Markets typically sign three-year contracts for the payment technology, and it wouldn’t make sense for farmers markets to switch to a new technology every time that contract ran out. “All these existing markets were kind of left in the lurch,” said Juliet Glass, a spokeswoman for the Maryland Farmers Market Association.
Most of the group’s markets run Novo Dia software.
When, in early July, the company announced plans to kill Mobile Market+, many Maryland farmers markets started looking into brick-shaped card readers that are reliable but expensive.
Markets also faced a two- to three-week waiting period to get the devices, Glass said.
Novo Dia is the only company that accepts Massachusetts’ Healthy Incentives Program, which gives SNAP clients additional money to spend on healthful foods, Cole said.
That’s a big deal because clients used $4.8 million of HIP benefits in the June 2017-March 2018 market season, compared to $600,000 in SNAP benefits.
In Maryland and other localities where incentive programs are offered, SNAP customers receive tokens to redeem their bonus bucks.
The news that Novo Dia was planning to kill its app didn’t help confidence in the SNAP program.
Some customers got the idea that their benefits would no longer be good at any farmers markets, undercutting a program for which farmers always are looking for new customers.
“For markets, getting and retaining SNAP shoppers is a challenge because people go on and off that benefit” as their financial situation changes, Glass said.

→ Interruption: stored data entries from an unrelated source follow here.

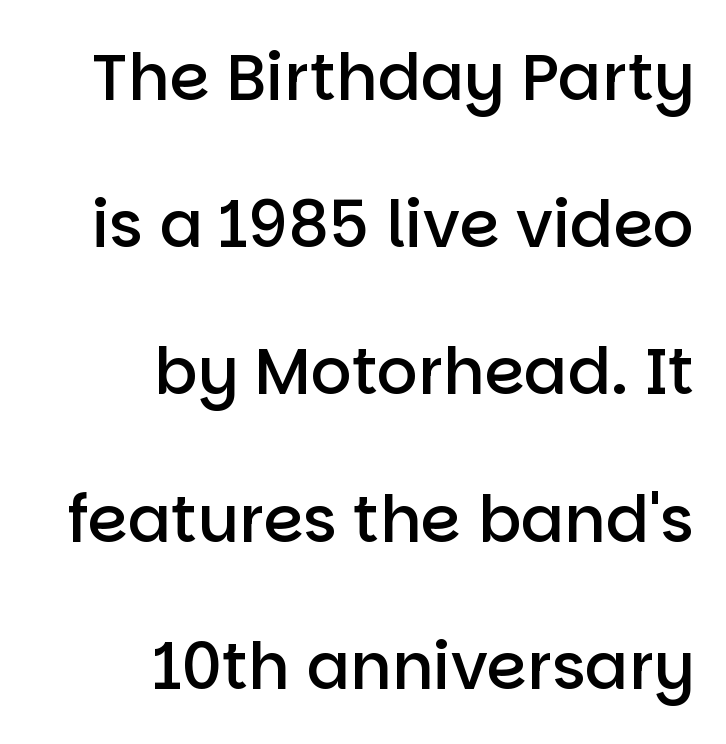
Q: Is the text bold? A: Semi-bold.
Q: Is the text italic (slanted)? A: No, it is upright.
Q: Is the typeface a serif or a sans-serif typeface? A: Sans-serif.
Q: Is the text underlined? A: No.
Q: How is the paragraph aligned? A: Right-aligned.
Q: Is the spacing between letters normal or unusually wide? A: Normal.
Q: Is the spacing between lines tight, normal or loose? A: Loose.
Q: Width (condensed, normal, or wide)? A: Normal.
Q: Stroke contrast? A: Low.
Q: x-height? A: Large.
Q: Monospaced? A: No.

It’s not clear if USDA considered the possibility of disruptions when it awarded the contract to the new vendor.
In an emailed statement, the agency said the new contractor was not obligated to use Novo Dia’s technology, and that all of the contracts had been awarded in a competitive bidding process to companies that were “technically acceptable and the best value.”
That wasn’t good enough for New York’s Andrew Cuomo.
The governor called the SNAP payment issue an example of “the federal government’s ineptitude” and part of the Trump administration’s “continued assault on the nation’s most needy.”
In a statement Thursday, Novo Dia said it was working with farmers market groups to find a long-term solution before the February deadline.
Among market groups, one of the top ideas is finding an entity to take over the Mobile Market+ app.
Even that might not be enough, though, if farmers markets can’t get subsidized replacements when their present equipment gets old.
Given the weaknesses in the farmers market SNAP program exposed by this crisis, “it’s very easy to see this happening again,” Glass said.